-OpEd-

PARIS — If you travel to the far north of England, you'll see Hadrian's Wall still proudly standing almost 19 centuries after it was built. Of course, it's no match for the Great Wall of China, in length or in what remains of its fortifications. But it's still an impressive construction, and its message, more complex than it seems, is once again on the modern agenda.

When it was built in the year 120 AD, emperor Hadrian's goal was to proclaim Rome's greatness but also to set territorial limits on his ambitions. Why go further and conquer the rest of the lands that constitute today's Great Britain? You have to know when and where to stop before the cost of your conquests becomes too high. If only Napoleon had learned from Hadrian's example before launching the Peninsular War and his Russian campaign.

For 300 years, Hadrian's Wall kept the "northern Barbarians" away from the Romans and provided efficient protection for the Roman empire's northernmost province.

Despite its much bigger size, the Great Wall of China still conveys the same message of self-limitation. Traditionally, Chinese leaders use its very existence to deny any desire for imperial expansion on their part. With the Great Wall, China intended to protect its interests and territory from invaders, especially the Mongols, all within clearly established territorial boundaries. Why indeed build such enormous protection if your wish is to go beyond it?

In this regard, China is very different from Russia, which defines itself around its state, its army and its empire, which is preferably always expanding. China is proud of its civilization and doesn't need to grow indefinitely to exist in its own eyes. Of course, its Asian neighbors don't share this "reassuring" take on history and believe instead that the "Middle Kingdom" is not as modest and reasonable as it claims to be.

But Hadrian's Wall and the Great Wall, both the products of two formidable empires, belong nonetheless to the same sort of constructions whose functions are twofold: to protect yourself on the one hand, and to impose limits on the other.

Migrants in Hungary near the Serbian border — Photo: Gémes Sándor/SzomSzed

Very different kinds of barriers

The Berlin Wall was erected in an entirely different situation. Its goal wasn't to prevent savage hoards from entering, but to keep its most dynamic citizens and those who longed for freedom and prosperity from fleeing. For the regime of Eastern Germany, it was a way to stop the population hemorrhage that was threatening its legitimacy and survival in the short run.

We all know what happened to this wall in November 1989. It fell, a little bit by accident, the victim of a division between two Germanies that became artificial from the moment the Soviet Union no longer had the will or the means to impose it.

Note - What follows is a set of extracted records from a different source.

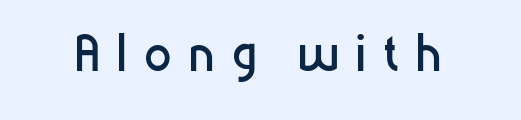
Q: Is the text bold? A: No.
Q: Is the text italic (slanted)? A: No, it is upright.
Q: Is the typeface a serif or a sans-serif typeface? A: Sans-serif.
Q: Is the text underlined? A: No.
Q: Is the spacing between letters normal or unusually wide? A: Unusually wide.
Q: Width (condensed, normal, or wide)? A: Condensed.
Q: Stroke contrast? A: Low.
Q: x-height? A: Medium.
Q: Monospaced? A: No.
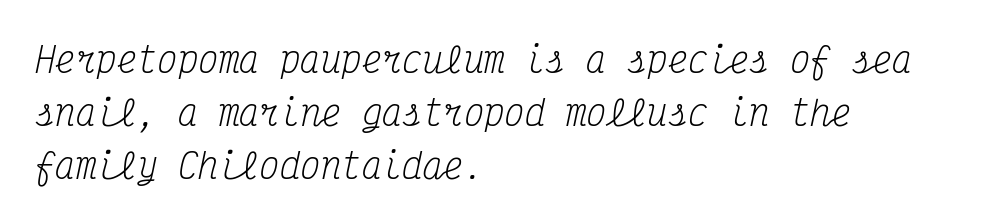
{"serif": "yes", "italic": "yes", "lean": "right", "slant_degrees": 12, "bold": "no", "weight": "regular", "width": "condensed", "stroke_contrast": "medium", "x_height": "medium", "monospaced": "yes", "underline": "no", "align": "left", "line_spacing": "normal", "line_spacing_ratio": 1.56, "letter_spacing": "normal", "letter_spacing_em": 0.0, "glyph_px": 34}
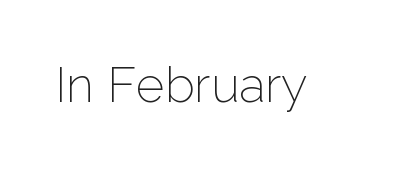
{"serif": "no", "italic": "no", "bold": "no", "weight": "thin", "width": "normal", "stroke_contrast": "low", "x_height": "medium", "monospaced": "no", "underline": "no", "letter_spacing": "normal", "letter_spacing_em": 0.0, "glyph_px": 49}
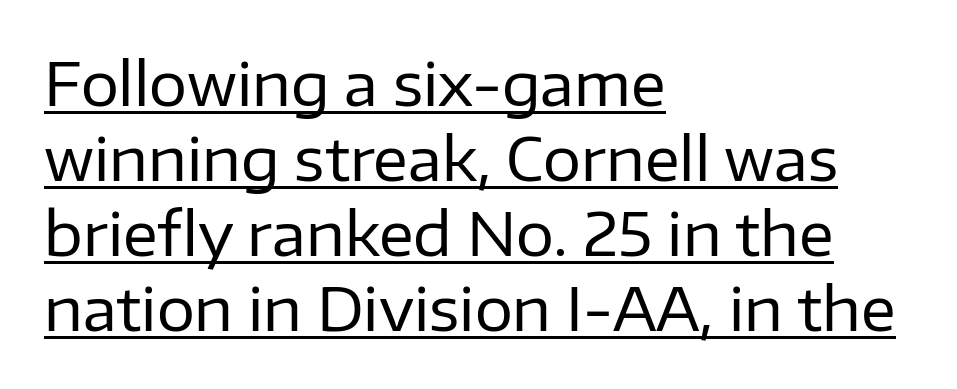
The image shows 60 px regular-weight sans-serif type, upright; set left-aligned, normal line spacing (1.25x), normal letter spacing, underlined; low stroke contrast and a medium x-height.
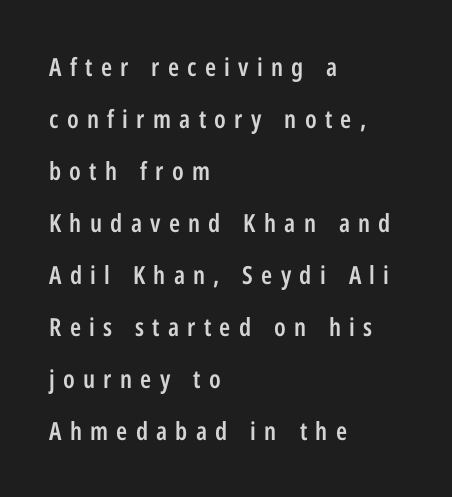
The image shows 25 px text type, upright; set left-aligned, loose line spacing (2.08x), unusually wide letter spacing (+0.33 em), not underlined.
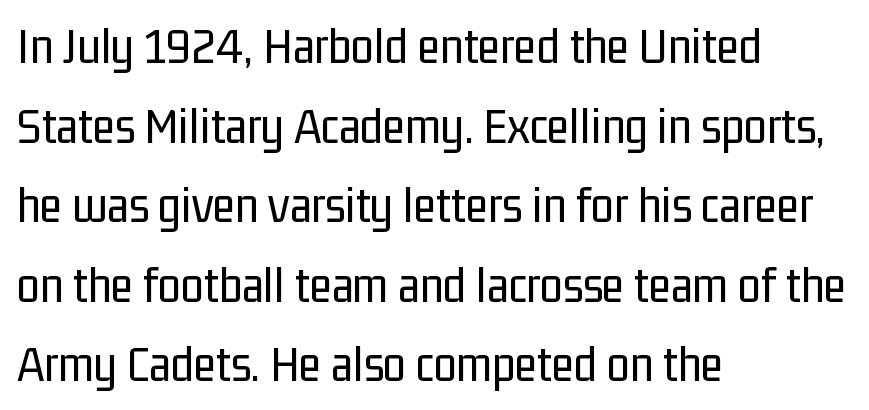
The image shows 52 px regular-weight, condensed sans-serif type, upright; set left-aligned, normal line spacing (1.53x), normal letter spacing, not underlined; low stroke contrast and a medium x-height.

The wall that today separates Israelis and Palestinians is ever higher and ever longer. But will this new "Berlin Wall of the Middle East" go as far as to hermetically separate Jerusalem? Unlike the Berlin Wall, its goal isn't to prevent Palestinians from leaving, but rather to limit their capacity to launch terrorist attacks. It's the direct consequence of the Second Intifada.

But unlike Hadrian's Wall, its protective function didn't come with a vision of self-limitation. On the contrary, Israel has continued to augment, and indeed multiply its settlements in Palestinian territories. Its land nationalism, which is becoming more and more religious, doesn't conform to the rational logic of an empire of a different dimension than tiny Israel. The north of England was already so far from Rome. The West Bank is so close to Jerusalem. And in the Internet and cellphone era, the notion of space and distance are dramatically different.

There are, finally, walls like the one that divides the island of Cyprus, and whose main function is to freeze the status quo with Turkey and to prevent new violence.

Any comparison between the past and the present is of course dangerous and artificial. But the fact remains that in the face of growing chaos in the world, there is a sort of nostalgia, or a temptation to erect new walls. Is it possible to build efficient walls to protect ourselves from the influx of political refugees, like the victims of the Syrian war, or of economic migrants who want to cross from Mexico into the United States?

In other words, are there such things as wise walls and crazy walls? Walls, on the one hand, that really protect us, from ourselves and from others, and walls that achieve nothing beyond pushing problems away so we can avoid having to solve them? In a world without clear and recognized borders, how can we talk about international order if we don't know anymore who owns or controls such and such land?

When she opened Germany's gates to the waves of refugees, Chancellor Angela Merkel followed her own conscience. She deserves our respect. She must now reassure her population by proving to them that the influx of refugees will be controlled. And this isn't a matter a walls, unlike what the Hungarian government would have us believe. Walls aren't a solution to Europe's refugee problem any more than they are a solution to the new explosion of violence in Jerusalem. Beyond wise and crazy walls, the ones that really are in fashion today are the walls of fear.